:: EXERCISE AIM ::
Only the pictures are to be left out, and the rest of the entries should be reproduced exactly.

== DATA SUPPLIED

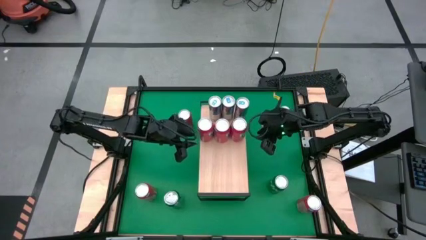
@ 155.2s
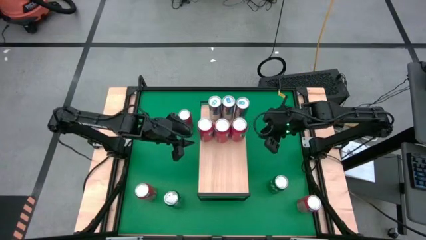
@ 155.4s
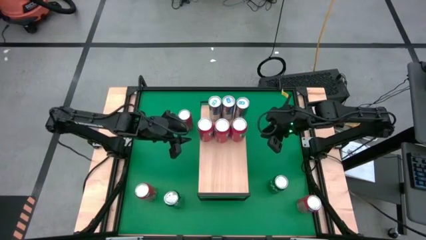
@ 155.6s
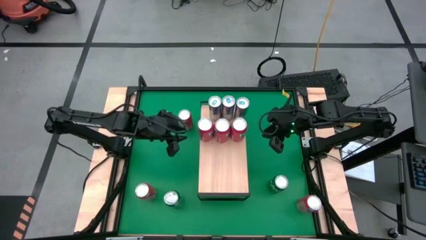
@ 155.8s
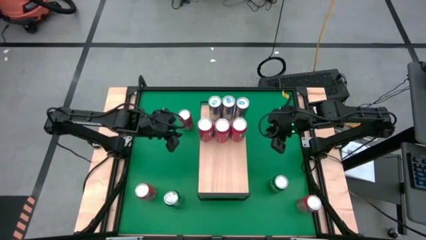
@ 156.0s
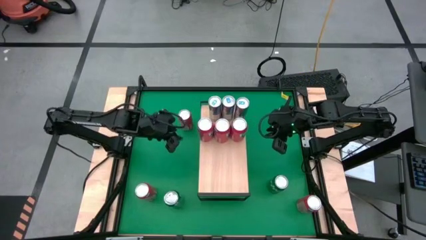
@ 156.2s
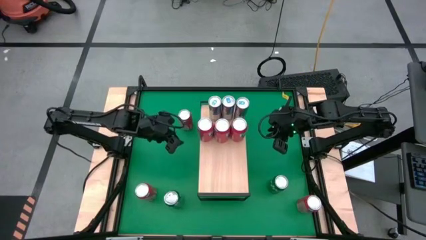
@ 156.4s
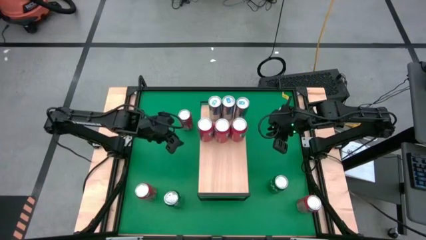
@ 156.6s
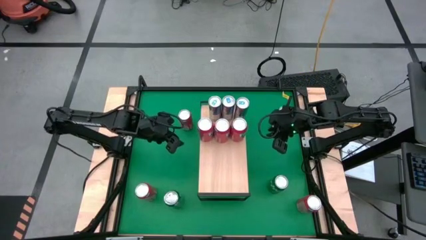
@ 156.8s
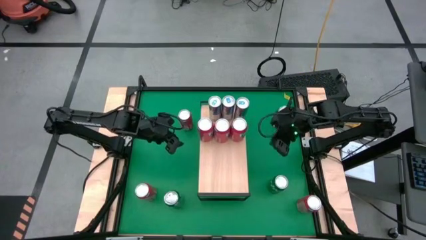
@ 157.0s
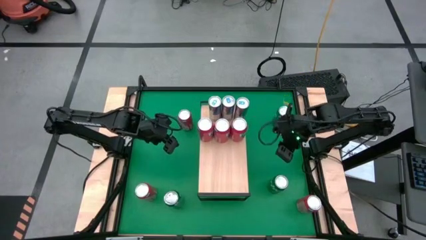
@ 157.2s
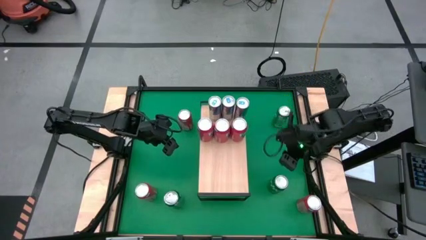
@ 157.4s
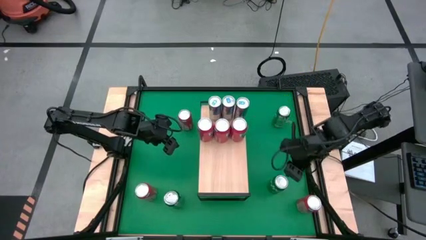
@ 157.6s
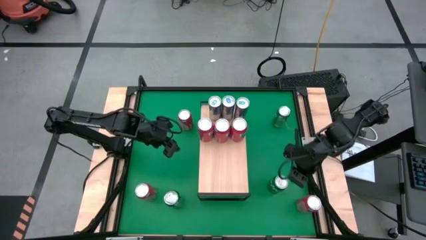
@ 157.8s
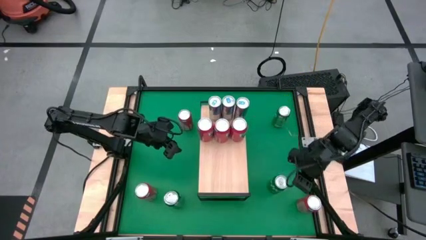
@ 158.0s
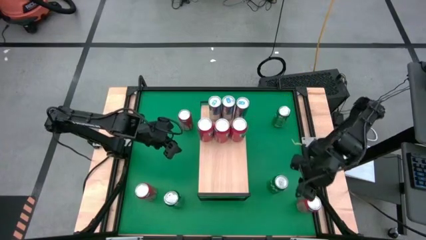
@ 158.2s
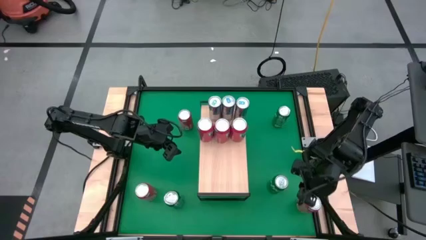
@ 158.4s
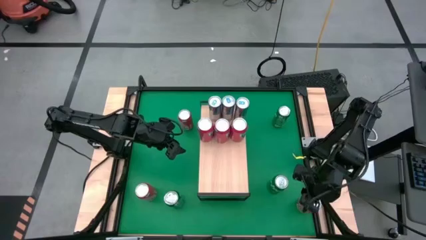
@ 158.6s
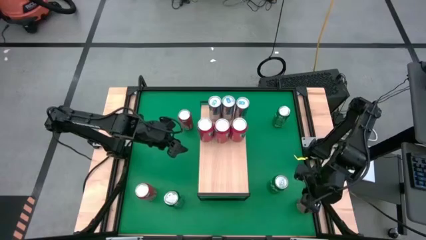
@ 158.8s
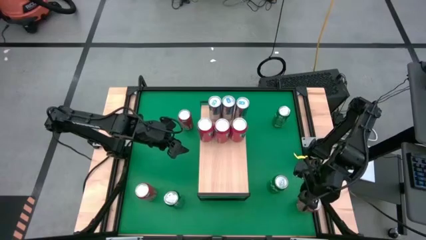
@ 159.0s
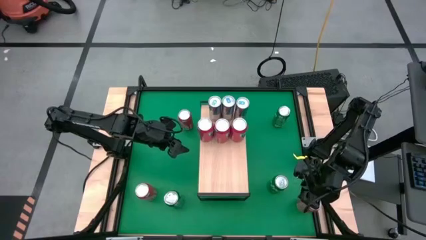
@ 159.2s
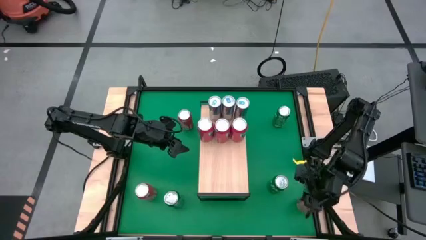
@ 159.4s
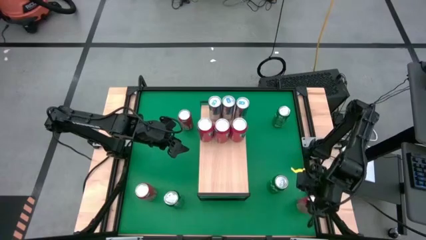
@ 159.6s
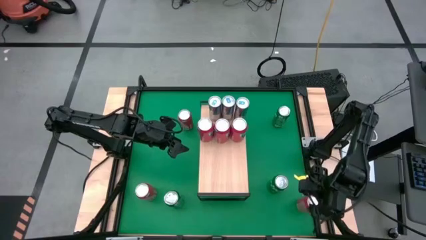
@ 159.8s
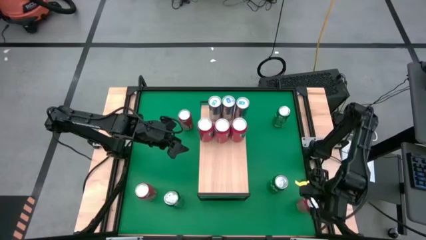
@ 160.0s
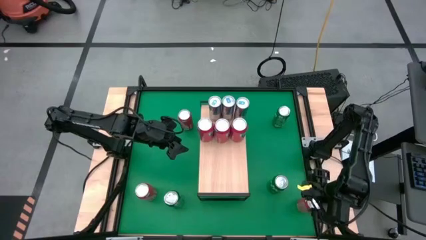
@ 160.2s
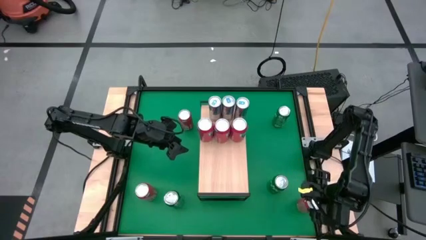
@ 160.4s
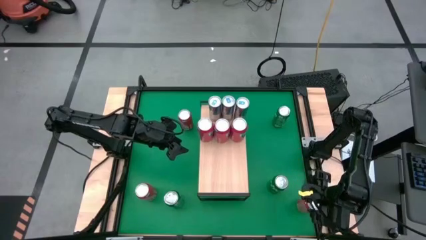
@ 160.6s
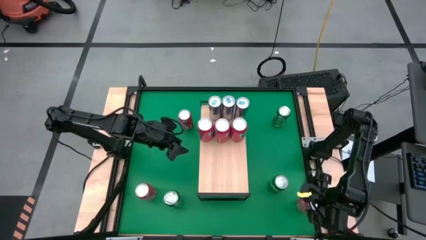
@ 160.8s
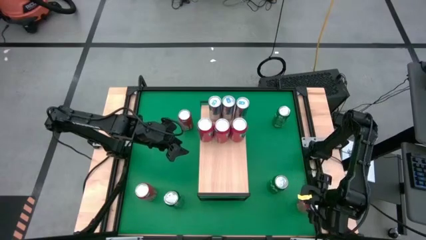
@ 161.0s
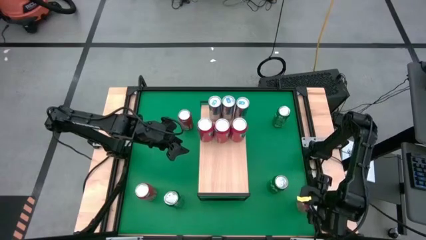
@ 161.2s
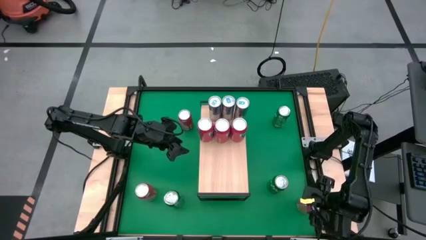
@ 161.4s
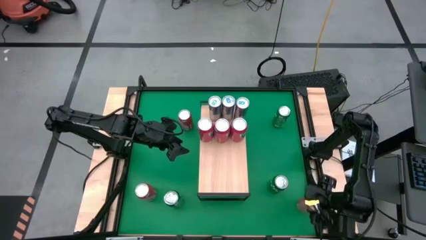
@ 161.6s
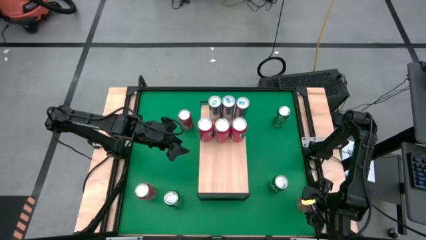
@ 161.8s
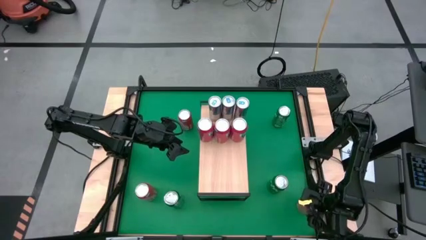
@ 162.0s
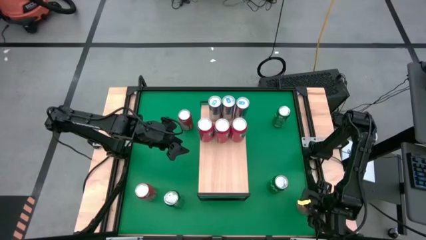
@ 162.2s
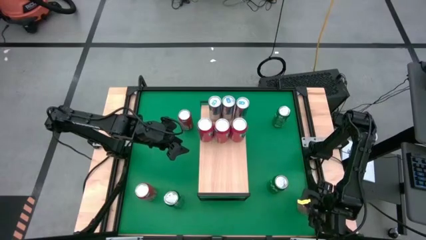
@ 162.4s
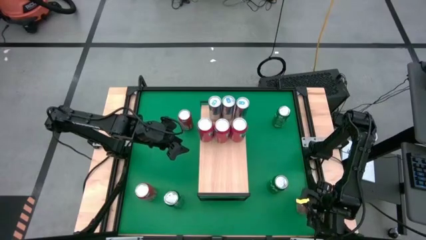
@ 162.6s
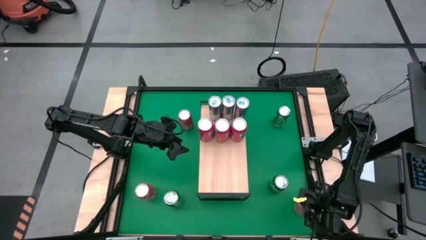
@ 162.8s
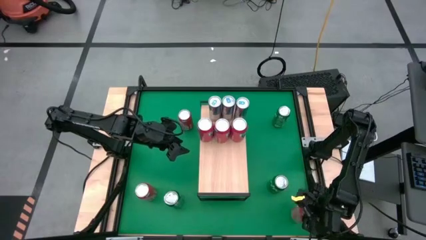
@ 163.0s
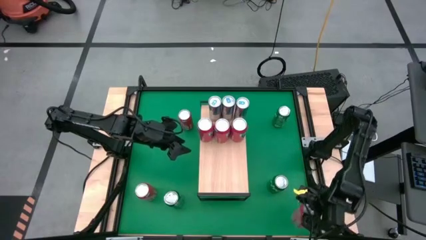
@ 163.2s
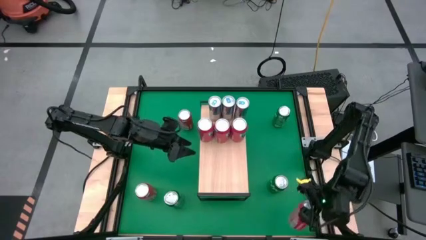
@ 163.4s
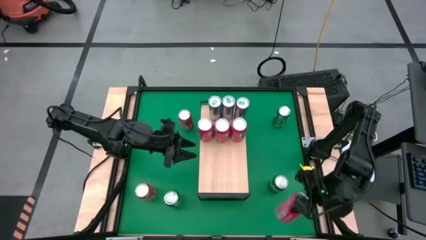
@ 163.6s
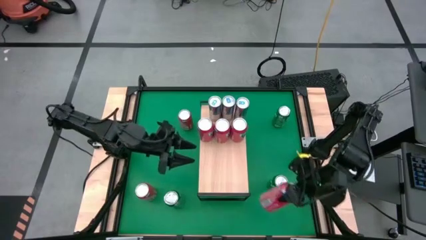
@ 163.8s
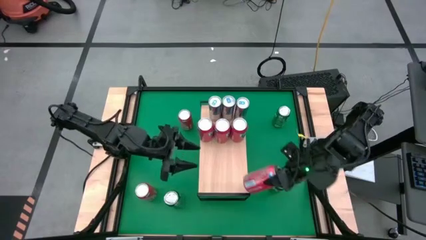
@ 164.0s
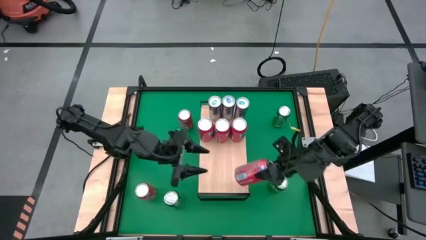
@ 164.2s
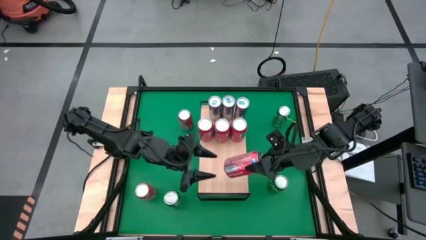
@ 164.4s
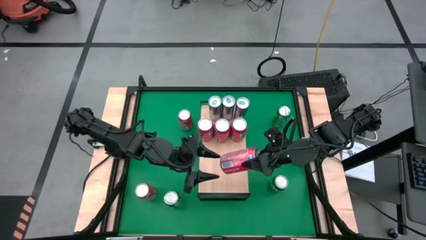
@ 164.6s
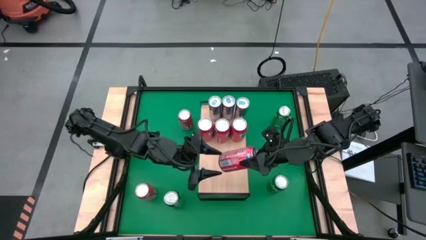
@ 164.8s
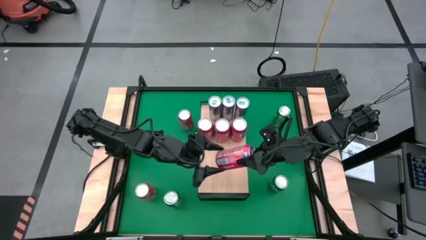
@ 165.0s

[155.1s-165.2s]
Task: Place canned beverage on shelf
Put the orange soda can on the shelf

====

:: RESULT ::
@ 155.2s
@ 155.4s
@ 155.6s
@ 155.8s
@ 156.0s
@ 156.2s
@ 156.4s
@ 156.6s
@ 156.8s
@ 157.0s
@ 157.2s
@ 157.4s
@ 157.6s
@ 157.8s
@ 158.0s
@ 158.2s
@ 158.4s
@ 158.6s
@ 158.8s
@ 159.0s
@ 159.2s
@ 159.4s
@ 159.6s
@ 159.8s
@ 160.0s
@ 160.2s
@ 160.4s
@ 160.6s
@ 160.8s
@ 161.0s
@ 161.2s
@ 161.4s
@ 161.6s
@ 161.8s
@ 162.0s
@ 162.2s
@ 162.4s
@ 162.6s
@ 162.8s
@ 163.0s
@ 163.2s
@ 163.4s
@ 163.6s
@ 163.8s
@ 164.0s
@ 164.2s
@ 164.4s
@ 164.6s
@ 164.8s
@ 165.0s

[155.1s-165.2s]
Task: Place canned beverage on shelf
Put the orange soda can on the shelf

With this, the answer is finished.